The implication being that just because a socket has data on it ready to read, 
doesn’t mean it’s enough to form a complete packet, and hence a call to 
av_read_packet() might block (or more accurately, keep calling the 
read_packet() handler until it’s acquired enough data).  This is not friendly 
to single-threading… so the only way I can think to do this is to have one 
thread per connection, have them each call av_read_packet() for their 
respective connections, and then synchronize on their respective timecodes.

Kind of ugly.

I’m reading from buffers where I know how much data is in each connection’s 
buffer, but not necessarily how much data is required to read a full packet, 
for instance.  (If I were reading from a file where all the data were already 
present, this would be trivial because av_packet_read() would never block.)

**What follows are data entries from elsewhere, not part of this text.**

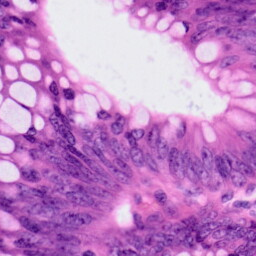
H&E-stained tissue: Colon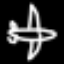
Label: airplane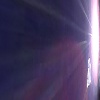
Label: sunburn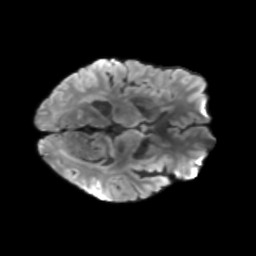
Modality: T2w
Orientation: axial
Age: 63
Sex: female
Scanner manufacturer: siemens
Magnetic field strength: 3 T
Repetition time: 3.23 s
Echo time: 0.0892 s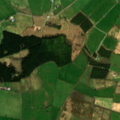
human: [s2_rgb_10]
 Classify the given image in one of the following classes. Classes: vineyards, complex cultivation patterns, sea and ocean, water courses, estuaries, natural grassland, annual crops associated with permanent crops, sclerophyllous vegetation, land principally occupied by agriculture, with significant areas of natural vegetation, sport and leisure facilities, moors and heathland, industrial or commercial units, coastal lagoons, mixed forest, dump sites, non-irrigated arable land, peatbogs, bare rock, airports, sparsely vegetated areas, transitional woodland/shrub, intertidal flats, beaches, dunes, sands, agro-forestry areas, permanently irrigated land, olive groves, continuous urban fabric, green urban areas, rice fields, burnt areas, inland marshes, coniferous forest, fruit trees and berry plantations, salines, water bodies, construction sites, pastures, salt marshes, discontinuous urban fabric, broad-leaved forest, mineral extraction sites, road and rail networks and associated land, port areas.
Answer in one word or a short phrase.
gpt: pastures, coniferous forest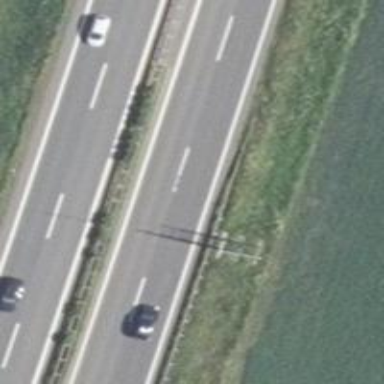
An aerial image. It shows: Asphalt motorway.
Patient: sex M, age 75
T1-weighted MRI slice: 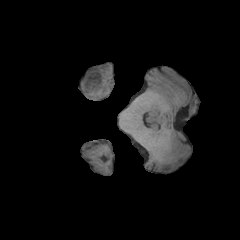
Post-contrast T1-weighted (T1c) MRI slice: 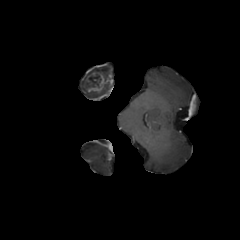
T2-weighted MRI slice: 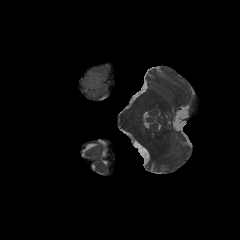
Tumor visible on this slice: yes
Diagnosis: Glioblastoma, IDH-wildtype
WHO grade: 4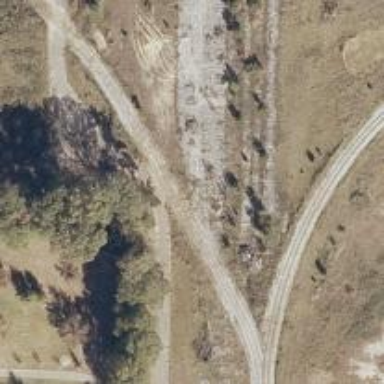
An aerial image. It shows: Abandoned spur railway.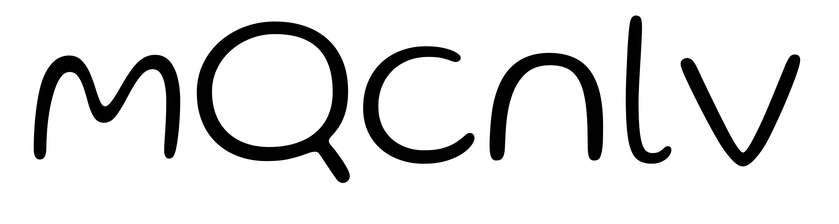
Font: Gluten_ExtraLight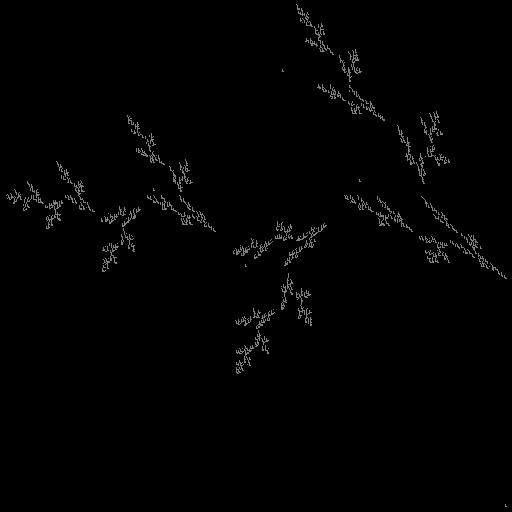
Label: bud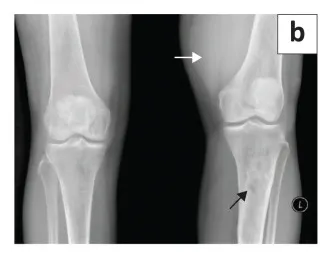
AP radiograph of the knees (b) shows a similar lesion within the left proximal tibia (black arrow) with a soft tissue mass adjacent to the left medial distal femur (white arrow).
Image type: radiology (x_ray)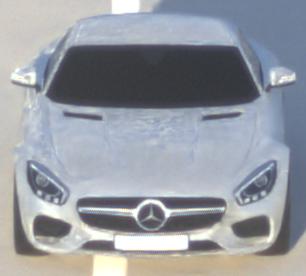
Make: Mercedes-Benz
Model: AMG GT Coupé
Detailed model: AMG GT (190) Coupé
Model produced from: 2014/10
Model produced until: 2017/01
Doors: 2
Color: white
Road condition: dry road
Daytime: sunrise or sunset
Contrast: low contrast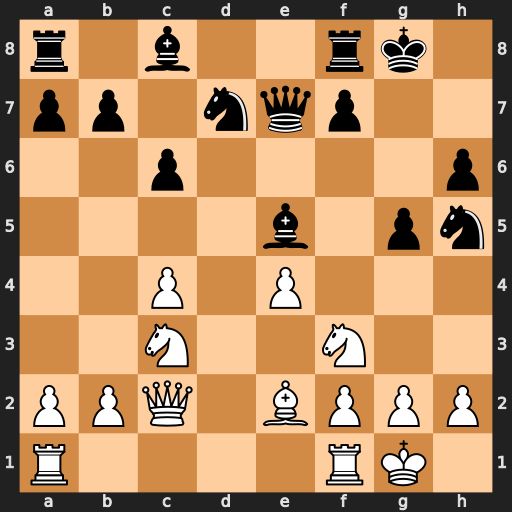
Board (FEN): r1b2rk1/pp1nqp2/2p4p/4b1pn/2P1P3/2N2N2/PPQ1BPPP/R4RK1
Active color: w
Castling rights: -
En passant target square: -
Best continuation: Nxe5 Nxe5 Bxh5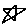
Label: star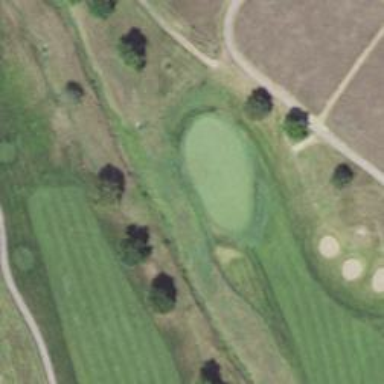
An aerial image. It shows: Golf hole.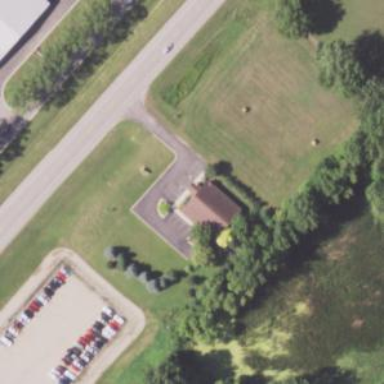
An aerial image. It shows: Building serving as veterinary clinic.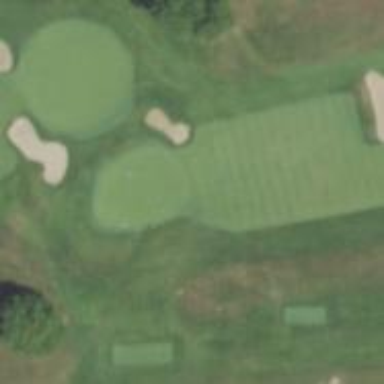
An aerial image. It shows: View of golf hole.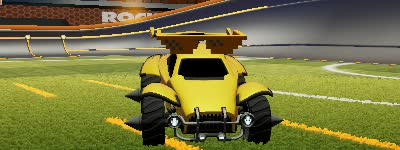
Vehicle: octane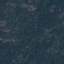
Land use / land cover class: Forest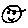
Label: smiley face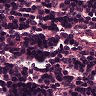
Metastatic tissue present: no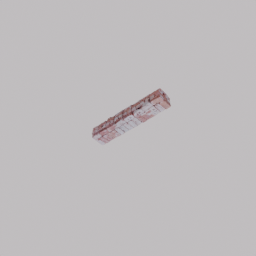
Label: architecture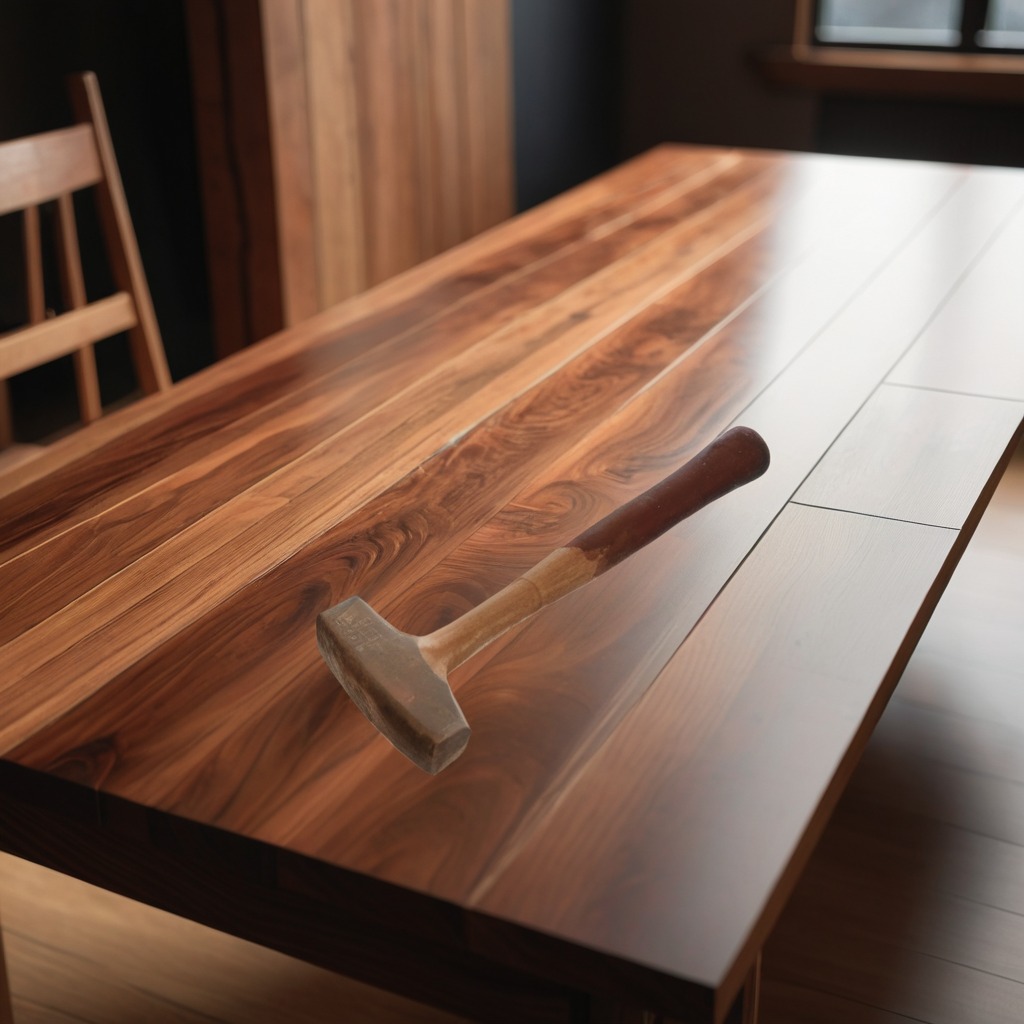
A hammer is lying on a wooden table in a carpentry studio.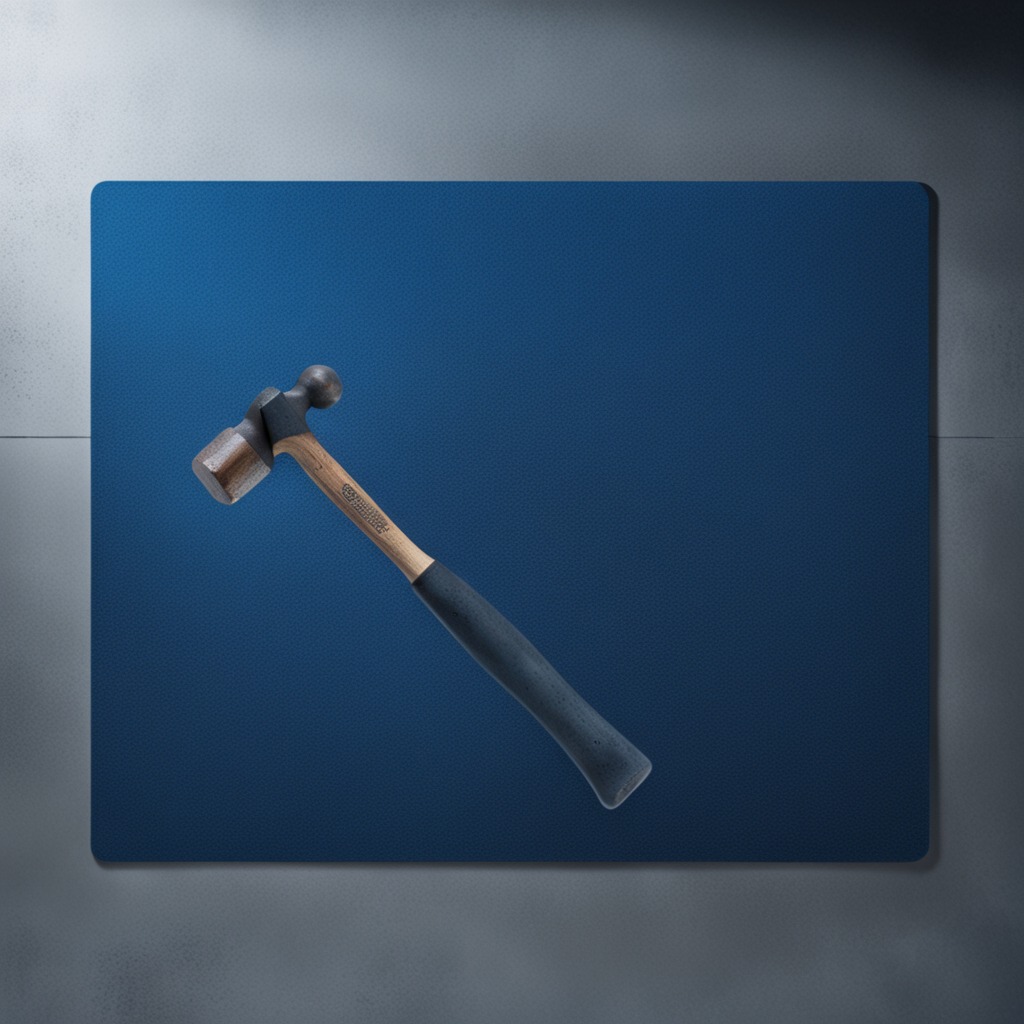
A hammer is lying on the clean granite tabletop covered with a blue rubber mat inside a workshop under bright overhead lighting crisp shadows high clarity worn but beneath the mat.
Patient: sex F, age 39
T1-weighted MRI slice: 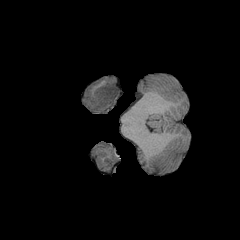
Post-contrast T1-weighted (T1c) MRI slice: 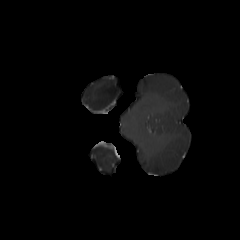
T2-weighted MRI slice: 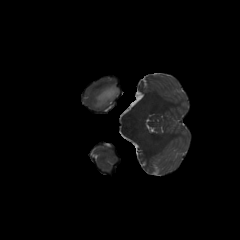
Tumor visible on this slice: yes
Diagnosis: Astrocytoma, IDH-mutant
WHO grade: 4

I figure this must be a fairly common operation to do, so someone must have 
figured out a reasonable approach.

Ideally I’d like the two combined connections on the same AVFormatConnection so 
my existing code could be convinced it’s reading from a single connection.

But if that’s not feasible, whatever requires the least amount of restructuring 
of the existing code (or maybe just the least overall complexity) would be 
great.

Pointers to snippets of code that I could leverage would be great!  I was 
looking at doc/examples/remuxing.c but couldn’t figure out how to add more 
streams to an existing output AVFormatContext, etc.